Page:Voltaire - Œuvres complètes Garnier tome44.djvu/554

Le texte de cette page a été corrigé et est conforme au fac-similé.

Les affaires de Genève ne laissent pas de m’embarrasser. J’y ai une grande partie de mon bien ; toutes les caisses sont fermées. Je ne sais comment j’ai fait, moi pauvre diable, pour avoir une maison beaucoup plus grosse que celle de monsieur l’ambassadeur. Il se trouve qu’à Tournay et à Ferney je nourris cent cinquante personnes ; on ne soutient pas cela avec des vers alexandrins et des banqueroutes.

Pardonnez-moi de mettre à vos pieds mes petites peines ; c’est ma consolation.

Respect et tendresse.


6621. — À M. DAMILAVILLE.
19 décembre.

Dites, je vous prie, mon cher ami, à M. de Beaumont que j’ai reçu de M. Chardon une lettre charmante, dans laquelle il prend fort à cœur l’affaire concernant Canon[1], et celle des Sirven.

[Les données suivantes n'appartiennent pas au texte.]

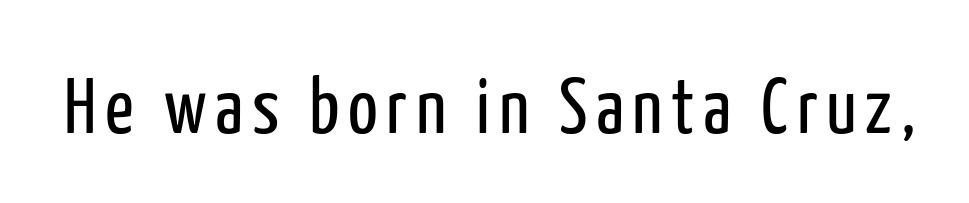
These lines are rendered in a variable-pitch font. Each row of text sits above clean, open space. Posture: vertical. Classification — sans serif. Counters stay open thanks to moderate or lighter strokes.

À l’égard des Sirven, j’ai pris mon parti. J’ai trouvé le public le premier des juges, et les suffrages de l’Europe me suffisent. Tant de difficultés me rebutent ; et pour peu qu’on en fasse encore, que M. de Beaumont m’envoie son mémoire, je ne veux pas autre chose ; je le ferai imprimer ; les Sirven gagneront leur cause dans l’esprit des bonnêtes gens : c’est à eux seuls que je veux plaire dans tous les genres.

Pour vous prouver que c’est aux honnêtes gens seuls que je veux plaire, je vous envoie une scène de la tragédie des Scythes. Montrez cela à Platon et à vos amis, et mandez-moi ce que vous en pensez. Il me semble qu’une tragédie dans ce goût a du moins le mérite de la nouveauté. Ce n’est pas la peine d’être imitateur, il faut se taire en tout genre quand on n’a rien de nouveau à dire. Donnez-en, je vous prie, une copie à Thieriot ; cela nourrira sa correspondance[2].

Je cultiverai, mon cher ami, les belles-lettres jusqu’au dernier moment de ma vie, malgré tout le mal qu’elles m’ont fait. Je sais que, dès qu’on a donné un ouvrage passable, la canaille de la littérature jette les hauts cris ; elle ne peut rien contre l’ouvrage, mais elle calomnie l’auteur. S’il réussit, on ne manque pas de l’appeler déiste, ou athée, ou même encyclopédiste ; s’il

  1. Voyez, une note sur la lettre 6528.
  2. Thieriot était correspondant littéraire de Frédéric II.